Just like with any R&D project, the main challenges were the concepts rather than the code.

Challenge 1: Ensuring data relevance. A knowledge base is a living entity, with documents constantly being updated. If the bot responds with outdated information, it could do more harm than good.

  • How we solved this task
  • We implemented an automatic background indexer. Our Kotlin backend polls Confluence on a schedule (once an hour). It does not just download everything indiscriminately; instead, it intelligently checks the version numbers of documents it has already indexed. If the version in Confluence is newer than the one in our database, the backend automatically downloads the new version, recreates the embeddings, and updates them in the vector database. This ensures that the bot responds based on the latest information with minimal delay.

Challenge 2: Contextual “amnesia.”. The first version of the bot only responded to single requests, which is not how users typically communicate. Users ask follow-up questions, such as “What if I'm a team lead?” or “Is it the same for the Android department?” Without the dialog history, the bot did not understand what these questions were referring to.

  • How we solved this task
  • In the end, we tied the bot's logic to Slack threads. With each new query, our backend asks the Slack API for the entire message history in the current thread. This history is given to the LLM as part of the prompt, allowing the model to maintain the context of the exchange and provide relevant answers to follow-up questions.

Challenge 3: Architecture visualization.. The system turned out to be multi-component (Slack, Backend, Confluence, Qdrant, PostgreSQL, OpenAI), making it challenging to explain how everything fits together.

  • How we solved this task
  • During development, we actively used Mermaid, a code-based diagramming tool. This allowed us to describe and maintain two key diagrams directly in the project's README file in GitLab: “Knowledge Base Indexing” and “Message Processing.” This simplified both the development and the subsequent transfer of knowledge about the project.

Technology Stack

Platform
Slack
Backend
Kotlin
Data source (knowledge base)
Confluence
LLM and embeddings
OpenAI
Vector database
Qdrant
Relational database
PostgreSQL
Documentation and diagrams
Mermaid

Results

Creation of a working internal product: “IceRock Assistant GPT” has been successfully implemented and is being used by employees.

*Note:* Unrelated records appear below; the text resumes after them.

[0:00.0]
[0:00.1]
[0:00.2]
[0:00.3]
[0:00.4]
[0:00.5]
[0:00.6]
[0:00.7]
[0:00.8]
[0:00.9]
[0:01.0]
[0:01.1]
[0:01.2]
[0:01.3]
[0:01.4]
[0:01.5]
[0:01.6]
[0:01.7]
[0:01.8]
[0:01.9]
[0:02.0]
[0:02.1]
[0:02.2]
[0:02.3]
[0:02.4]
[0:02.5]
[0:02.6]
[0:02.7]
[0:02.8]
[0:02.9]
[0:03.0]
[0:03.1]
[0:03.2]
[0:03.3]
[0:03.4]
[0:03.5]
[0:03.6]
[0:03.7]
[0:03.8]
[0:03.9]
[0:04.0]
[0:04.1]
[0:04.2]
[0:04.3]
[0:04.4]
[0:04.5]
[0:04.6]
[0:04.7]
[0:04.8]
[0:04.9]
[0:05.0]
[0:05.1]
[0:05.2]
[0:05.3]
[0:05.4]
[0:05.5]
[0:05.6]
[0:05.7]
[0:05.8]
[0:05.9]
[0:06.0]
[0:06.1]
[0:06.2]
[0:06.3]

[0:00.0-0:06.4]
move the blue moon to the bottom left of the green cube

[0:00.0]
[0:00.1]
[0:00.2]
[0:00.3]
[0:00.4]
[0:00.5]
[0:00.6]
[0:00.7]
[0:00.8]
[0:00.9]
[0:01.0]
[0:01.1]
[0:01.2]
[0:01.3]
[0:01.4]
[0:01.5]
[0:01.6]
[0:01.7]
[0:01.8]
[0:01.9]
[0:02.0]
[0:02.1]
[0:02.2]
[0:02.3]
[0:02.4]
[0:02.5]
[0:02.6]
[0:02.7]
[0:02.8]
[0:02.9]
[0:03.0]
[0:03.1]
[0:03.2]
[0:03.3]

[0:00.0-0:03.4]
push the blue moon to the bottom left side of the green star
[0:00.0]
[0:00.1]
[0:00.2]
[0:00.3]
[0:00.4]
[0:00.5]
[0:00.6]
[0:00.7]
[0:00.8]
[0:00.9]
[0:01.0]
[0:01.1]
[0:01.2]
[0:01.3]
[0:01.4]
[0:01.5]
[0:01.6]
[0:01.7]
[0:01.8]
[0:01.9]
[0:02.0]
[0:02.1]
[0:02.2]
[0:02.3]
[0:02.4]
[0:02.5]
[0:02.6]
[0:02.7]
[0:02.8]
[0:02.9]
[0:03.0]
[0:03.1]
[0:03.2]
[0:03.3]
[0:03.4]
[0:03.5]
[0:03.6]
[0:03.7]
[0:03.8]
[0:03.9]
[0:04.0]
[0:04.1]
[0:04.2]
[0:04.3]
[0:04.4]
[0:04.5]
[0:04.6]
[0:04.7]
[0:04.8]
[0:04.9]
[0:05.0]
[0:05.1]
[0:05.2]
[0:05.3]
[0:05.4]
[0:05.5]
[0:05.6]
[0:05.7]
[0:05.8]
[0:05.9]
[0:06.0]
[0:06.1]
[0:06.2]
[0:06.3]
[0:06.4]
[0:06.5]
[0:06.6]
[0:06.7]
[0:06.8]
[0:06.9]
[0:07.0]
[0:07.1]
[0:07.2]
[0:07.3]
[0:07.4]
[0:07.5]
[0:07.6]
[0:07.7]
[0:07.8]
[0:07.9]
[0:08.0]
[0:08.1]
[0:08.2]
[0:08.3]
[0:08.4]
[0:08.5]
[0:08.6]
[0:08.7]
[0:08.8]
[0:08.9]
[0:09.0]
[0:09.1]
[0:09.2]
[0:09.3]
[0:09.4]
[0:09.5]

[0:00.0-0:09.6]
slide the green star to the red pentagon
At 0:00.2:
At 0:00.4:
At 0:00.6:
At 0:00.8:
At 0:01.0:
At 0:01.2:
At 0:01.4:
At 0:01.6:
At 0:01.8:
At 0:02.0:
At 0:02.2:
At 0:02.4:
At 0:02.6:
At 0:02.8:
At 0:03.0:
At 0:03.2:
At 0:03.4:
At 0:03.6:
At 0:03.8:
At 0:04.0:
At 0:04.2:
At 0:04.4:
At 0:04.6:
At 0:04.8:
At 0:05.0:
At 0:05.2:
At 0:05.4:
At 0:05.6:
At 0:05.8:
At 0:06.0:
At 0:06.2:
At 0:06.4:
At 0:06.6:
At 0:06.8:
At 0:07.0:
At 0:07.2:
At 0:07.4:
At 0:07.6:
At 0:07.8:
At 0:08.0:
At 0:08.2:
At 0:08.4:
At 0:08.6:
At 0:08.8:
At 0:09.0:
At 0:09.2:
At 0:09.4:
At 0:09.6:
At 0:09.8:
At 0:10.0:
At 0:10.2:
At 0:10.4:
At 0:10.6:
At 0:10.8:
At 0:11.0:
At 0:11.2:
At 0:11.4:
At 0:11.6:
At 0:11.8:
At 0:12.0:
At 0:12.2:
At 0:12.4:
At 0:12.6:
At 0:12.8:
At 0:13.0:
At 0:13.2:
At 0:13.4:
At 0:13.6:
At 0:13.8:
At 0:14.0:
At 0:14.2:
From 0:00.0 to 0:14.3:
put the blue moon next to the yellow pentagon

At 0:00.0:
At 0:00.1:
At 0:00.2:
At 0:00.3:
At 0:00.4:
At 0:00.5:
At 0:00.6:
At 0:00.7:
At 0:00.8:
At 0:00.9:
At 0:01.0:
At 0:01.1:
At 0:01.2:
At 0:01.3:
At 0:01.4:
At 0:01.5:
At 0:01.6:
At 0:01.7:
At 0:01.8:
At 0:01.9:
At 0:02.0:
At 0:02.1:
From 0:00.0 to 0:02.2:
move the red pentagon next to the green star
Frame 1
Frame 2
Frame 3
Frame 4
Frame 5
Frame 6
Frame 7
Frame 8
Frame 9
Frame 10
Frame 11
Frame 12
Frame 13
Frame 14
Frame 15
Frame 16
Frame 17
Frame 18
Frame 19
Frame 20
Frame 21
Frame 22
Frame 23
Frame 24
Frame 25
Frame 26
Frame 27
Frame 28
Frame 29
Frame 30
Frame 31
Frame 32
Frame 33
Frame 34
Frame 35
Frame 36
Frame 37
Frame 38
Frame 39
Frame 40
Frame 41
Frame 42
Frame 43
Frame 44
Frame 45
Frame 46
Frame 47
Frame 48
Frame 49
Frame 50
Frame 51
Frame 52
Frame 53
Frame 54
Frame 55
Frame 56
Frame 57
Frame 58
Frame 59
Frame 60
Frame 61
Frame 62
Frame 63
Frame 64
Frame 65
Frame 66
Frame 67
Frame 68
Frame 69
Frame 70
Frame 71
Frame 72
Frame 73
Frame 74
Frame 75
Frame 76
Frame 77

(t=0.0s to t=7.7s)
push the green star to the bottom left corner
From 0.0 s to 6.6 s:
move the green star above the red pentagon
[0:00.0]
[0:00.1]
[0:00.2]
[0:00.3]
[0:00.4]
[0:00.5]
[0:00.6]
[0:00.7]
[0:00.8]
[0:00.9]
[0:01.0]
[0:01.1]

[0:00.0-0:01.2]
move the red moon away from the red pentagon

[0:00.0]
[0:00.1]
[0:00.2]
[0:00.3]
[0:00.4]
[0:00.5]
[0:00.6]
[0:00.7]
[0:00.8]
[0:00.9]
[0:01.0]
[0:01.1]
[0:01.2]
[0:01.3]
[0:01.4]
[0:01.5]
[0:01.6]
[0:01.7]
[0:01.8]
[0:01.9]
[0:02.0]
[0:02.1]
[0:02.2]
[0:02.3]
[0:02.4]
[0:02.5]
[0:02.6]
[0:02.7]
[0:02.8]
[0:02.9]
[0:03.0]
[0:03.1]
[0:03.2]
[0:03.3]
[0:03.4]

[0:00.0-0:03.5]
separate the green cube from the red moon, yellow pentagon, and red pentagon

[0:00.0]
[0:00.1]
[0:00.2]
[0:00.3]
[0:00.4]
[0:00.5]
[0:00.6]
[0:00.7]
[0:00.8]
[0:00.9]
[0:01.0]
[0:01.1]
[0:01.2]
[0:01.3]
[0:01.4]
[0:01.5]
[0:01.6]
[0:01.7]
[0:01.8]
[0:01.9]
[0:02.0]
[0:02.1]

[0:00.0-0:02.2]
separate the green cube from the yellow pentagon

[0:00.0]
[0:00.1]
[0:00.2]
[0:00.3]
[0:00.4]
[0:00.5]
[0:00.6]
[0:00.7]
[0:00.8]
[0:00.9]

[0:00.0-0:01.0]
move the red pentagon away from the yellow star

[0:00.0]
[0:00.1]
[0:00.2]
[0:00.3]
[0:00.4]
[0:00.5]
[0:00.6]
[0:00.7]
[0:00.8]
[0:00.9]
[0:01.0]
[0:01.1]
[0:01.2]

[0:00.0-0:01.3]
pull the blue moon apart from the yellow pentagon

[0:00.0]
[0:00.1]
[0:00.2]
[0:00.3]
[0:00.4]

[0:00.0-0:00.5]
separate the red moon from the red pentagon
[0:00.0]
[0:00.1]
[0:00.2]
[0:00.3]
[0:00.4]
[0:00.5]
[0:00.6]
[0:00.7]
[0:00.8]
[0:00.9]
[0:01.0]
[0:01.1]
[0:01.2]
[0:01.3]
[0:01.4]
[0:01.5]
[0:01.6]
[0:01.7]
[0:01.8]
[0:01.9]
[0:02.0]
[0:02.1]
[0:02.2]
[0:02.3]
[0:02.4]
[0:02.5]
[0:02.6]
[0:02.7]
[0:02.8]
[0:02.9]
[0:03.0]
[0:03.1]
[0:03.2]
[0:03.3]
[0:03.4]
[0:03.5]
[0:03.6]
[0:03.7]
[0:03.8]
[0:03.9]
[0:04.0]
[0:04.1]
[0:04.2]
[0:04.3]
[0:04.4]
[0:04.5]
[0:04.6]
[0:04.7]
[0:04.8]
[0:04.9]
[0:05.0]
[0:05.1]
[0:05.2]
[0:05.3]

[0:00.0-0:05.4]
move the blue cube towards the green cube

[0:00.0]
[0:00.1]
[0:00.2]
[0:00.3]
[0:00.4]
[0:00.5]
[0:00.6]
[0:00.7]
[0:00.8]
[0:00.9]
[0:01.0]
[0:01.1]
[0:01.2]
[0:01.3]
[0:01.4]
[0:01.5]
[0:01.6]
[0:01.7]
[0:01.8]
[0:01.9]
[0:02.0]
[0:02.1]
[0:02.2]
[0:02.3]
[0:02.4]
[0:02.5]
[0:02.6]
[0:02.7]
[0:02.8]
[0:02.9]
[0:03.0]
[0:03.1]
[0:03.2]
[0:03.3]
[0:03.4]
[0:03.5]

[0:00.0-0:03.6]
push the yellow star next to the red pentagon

Reduced team workload: The bot handles most of the typical questions, allowing developers to stay focused on their main tasks.

“Revitalized” knowledge base: Our documentation in Confluence has evolved from a passive repository into an active tool directly integrated into the communication workflow.

Invaluable R&D experience: The IceRock team has gained first-hand experience of working with RAG, one of today's most sought-after AI technologies. We have learned all the intricacies of working with vector databases (Qdrant), the OpenAI API, and the logic behind building complex AI assistants.

Foundation for future products: This internal project has become the basis for future commercial offerings related to creating custom GPT assistants for our clients, trained on their own corporate data.